When the button is pressed ZD1 limits the voltage to 5 volts (through resistors R4 and R5) which is low enough to activate M1 turning the MCU back ON.
Once Q1 is latched ON the left side of the push button is effectively at ground potential allowing the switch to pull the IN pin LOW turning OFF the MCU.

Thanks, got it. What if the internal pullup voltage of the input pin is only 3V3?

 

Change ZD1 to a 3.3 volt zener.

 

I have measured it and there is still 16V on MOSFET gate in OFF state (after the first switch push) which means that PMOS is still ON and I can not switch off the power source. Do you know what is the root cause of this? Thanks.

 

Here's another circuit suggestion.

View attachment 363715

View attachment 363677

Edit: Changed R7 to 2.7K. Added R1. MCU Digital components are for simulation only.

@eetech00 how to invert it so ON/OFF is active low? Shall I add NMOS open drain to ON/OFF pin?

 

@eetech00 how to invert it so ON/OFF is active low? Shall I add NMOS open drain to ON/OFF pin?

You could. But why?

 

I have measured it and there is still 16V on MOSFET gate in OFF state (after the first switch push) which means that PMOS is still ON and I can not switch off the power source. Do you know what is the root cause of this? Thanks.

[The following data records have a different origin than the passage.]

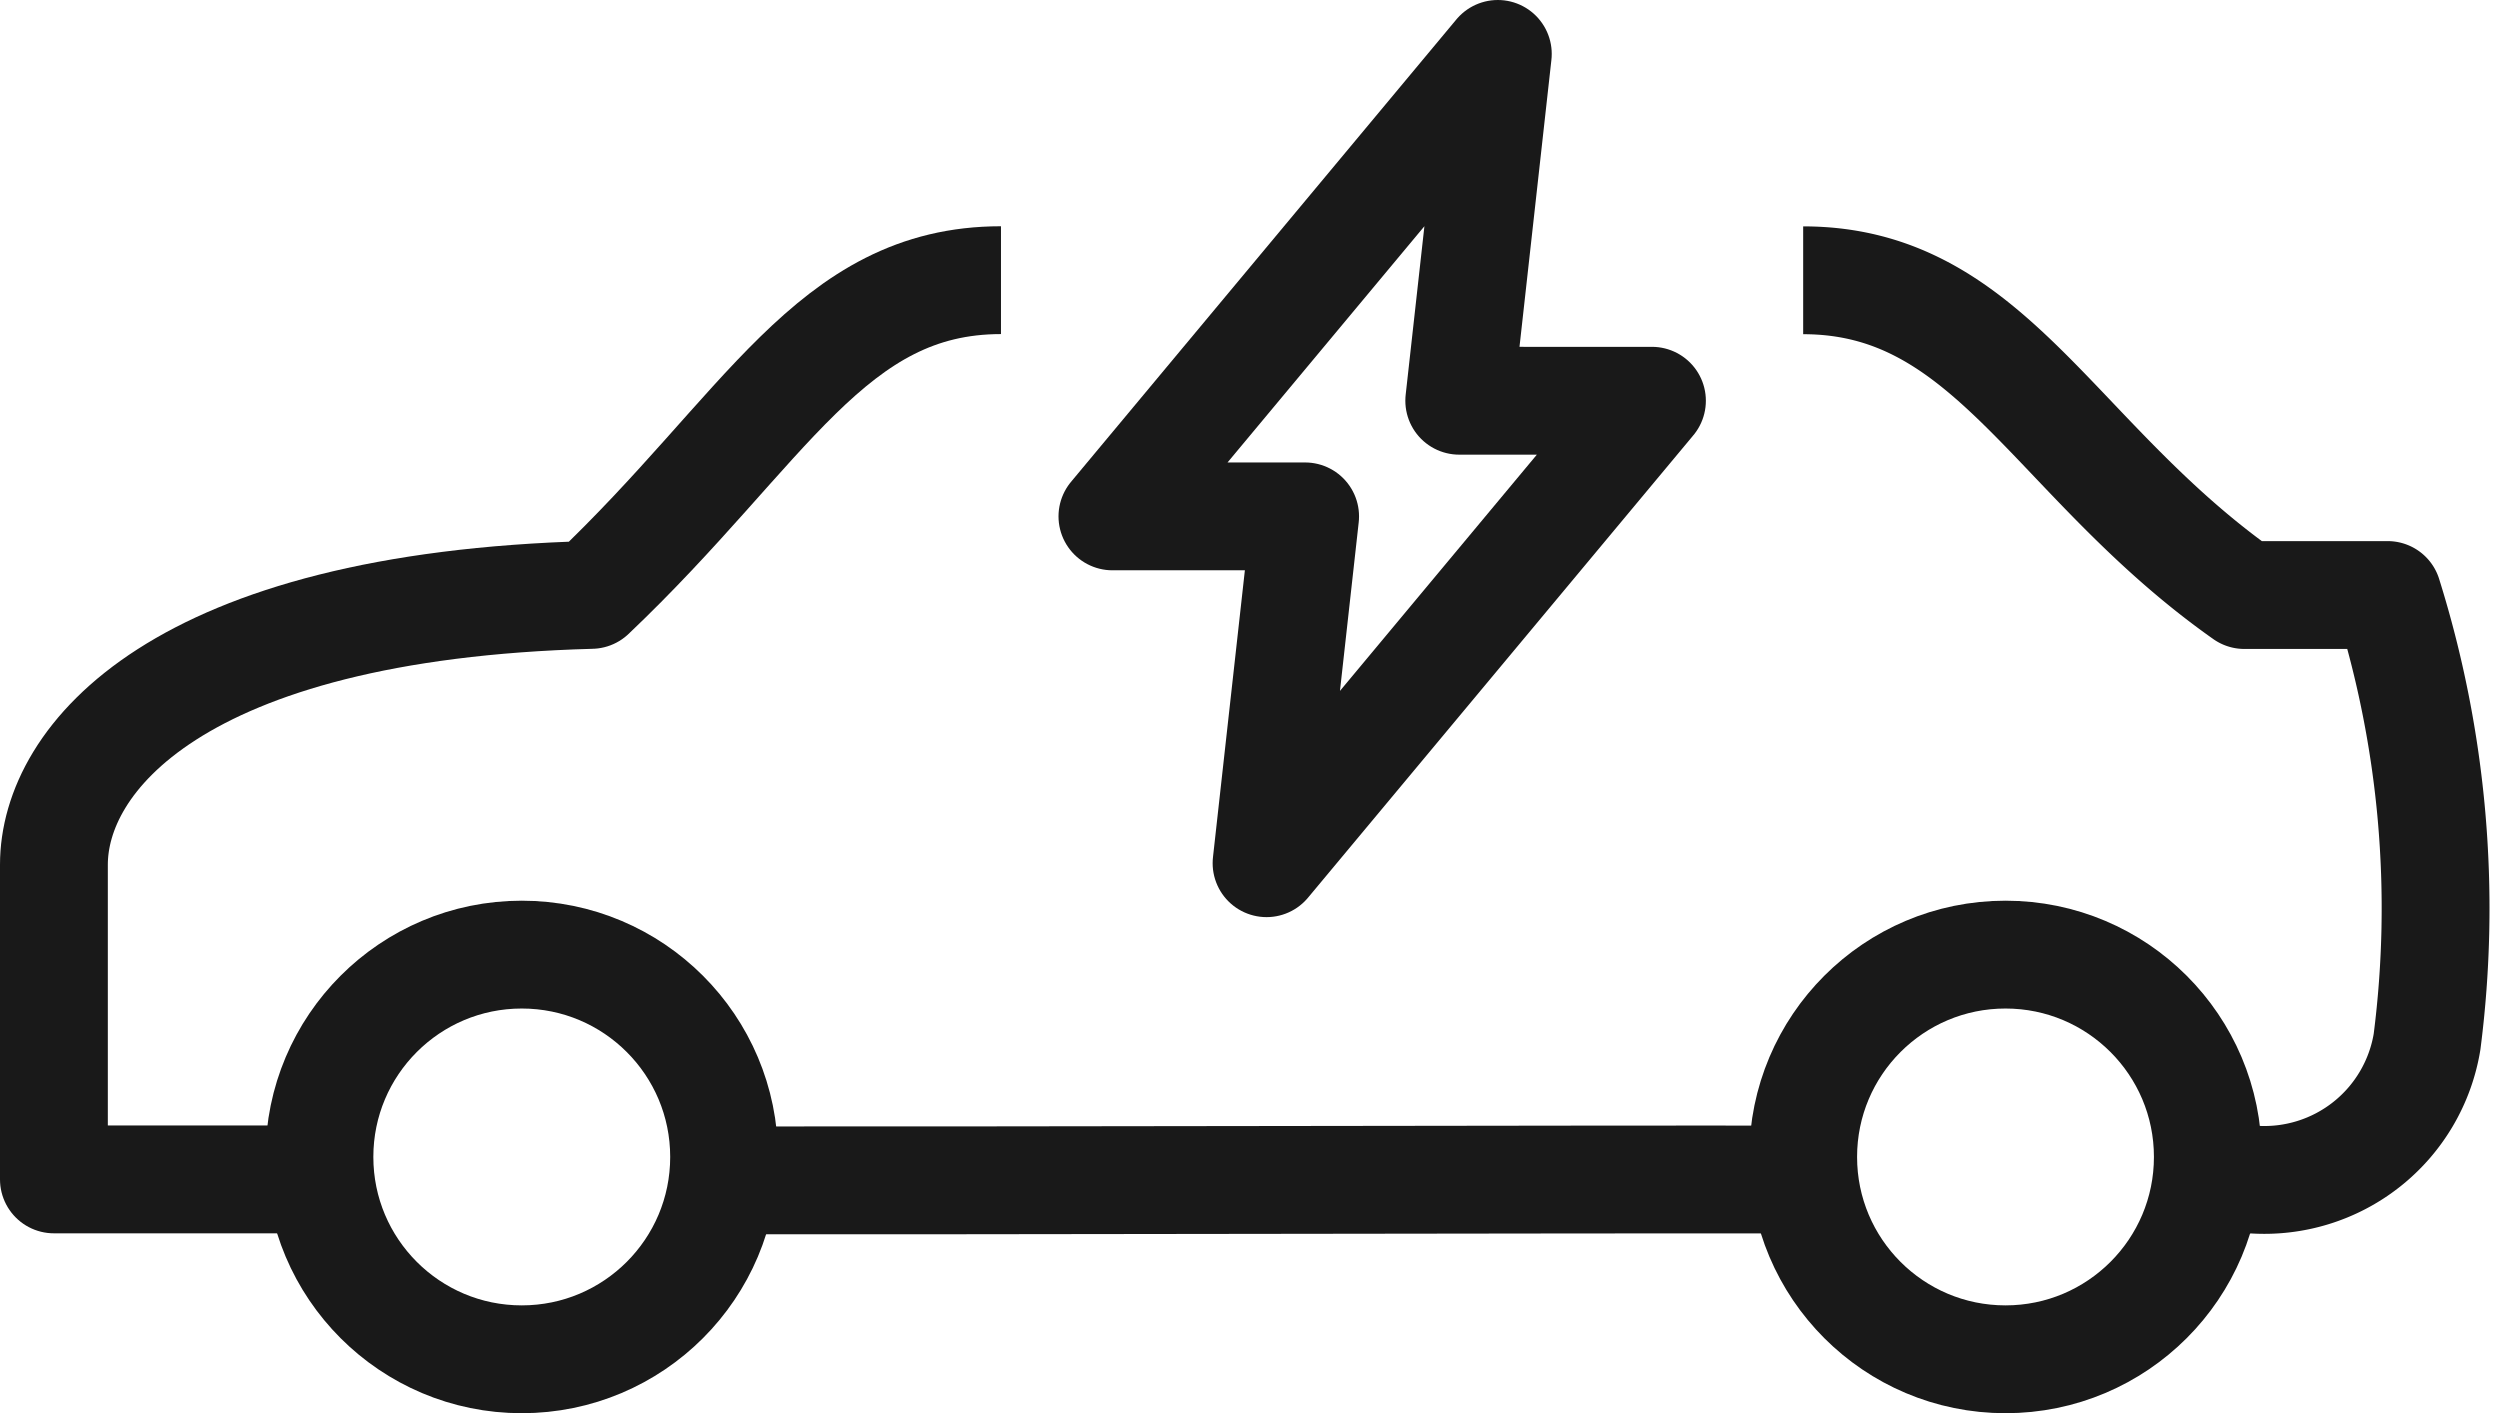 <svg xmlns="http://www.w3.org/2000/svg" width="39.414" height="22.279" viewBox="0 0 39.414 22.279">
  <g id="car-05" transform="translate(0.85 0.85)">
    <g id="Group_13875" data-name="Group 13875" transform="translate(0 3.567)">
      <path id="Path_31084" data-name="Path 31084" d="M573.375,173.8c-3.561-.006-13.443.019-17.012.013" transform="translate(-545.797 -159.621)" fill="rgba(0,0,0,0)" stroke="#191919" stroke-linejoin="round" stroke-width="1.7"/>
      <path id="Path_31085" data-name="Path 31085" d="M580.363,153.8c2.954,0,3.94,2.835,6.956,4.962h2.259a16.513,16.513,0,0,1,.621,7.042,2.6,2.6,0,0,1-2.747,2.173h-.642" transform="translate(-552.785 -153.798)" fill="rgba(0,0,0,0)" stroke="#191919" stroke-linejoin="round" stroke-width="1.7"/>
      <path id="Path_31086" data-name="Path 31086" d="M545.71,167.975h-4.253v-4.962c0-1.657,1.916-4.076,8.473-4.253,2.753-2.612,3.776-4.962,6.458-4.962" transform="translate(-541.457 -153.798)" fill="rgba(0,0,0,0)" stroke="#191919" stroke-linejoin="round" stroke-width="1.7"/>
      <ellipse id="Ellipse_156" data-name="Ellipse 156" cx="3.19" cy="3.19" rx="3.19" ry="3.19" transform="translate(4.186 10.633)" fill="rgba(0,0,0,0)" stroke="#191919" stroke-linejoin="round" stroke-width="1.7"/>
      <ellipse id="Ellipse_157" data-name="Ellipse 157" cx="3.19" cy="3.19" rx="3.19" ry="3.19" transform="translate(27.578 10.633)" fill="rgba(0,0,0,0)" stroke="#191919" stroke-linejoin="round" stroke-width="1.7"/>
    </g>
    <g id="Group_13876" data-name="Group 13876" transform="translate(16.688 0)">
      <path id="Path_31087" data-name="Path 31087" d="M570.468,154.234l.608-5.468L565,156.057h3.038l-.608,5.468,6.076-7.291Z" transform="translate(-565 -148.766)" fill="rgba(0,0,0,0)" stroke="#191919" stroke-linejoin="round" stroke-width="1.7"/>
    </g>
  </g>
</svg>

Either the circuit is not wired correctly and/or the mcu is not programmed as mentioned in post #13.

 

You could. But why?

Because ON/OFF signal is active low on MCU.

 

Because ON/OFF signal is active low on MCU.

The GPIO would be floating at boot-up, so the internal pull-up will be disabled at startup anyway. Its pulled down by R7.
Make the GPIO active high in software, and disable the internal pullup.

Do that in the MCU Setup() code.

 

Because ON/OFF signal is active low on MCU.

I think its unnecessary, but if you really want to do that:

 

Either the circuit is not wired correctly and/or the mcu is not programmed as mentioned in post #13.

I have double checked it and it is wired correctly. Could there be any leakage through PMOS? Since when I put an oscilloscope probe to Enable signal it works as expected. Without it I can not switch PMOS off. I guess the autostart does not work and a device is switched on because of the leakage as well? Any idea, please?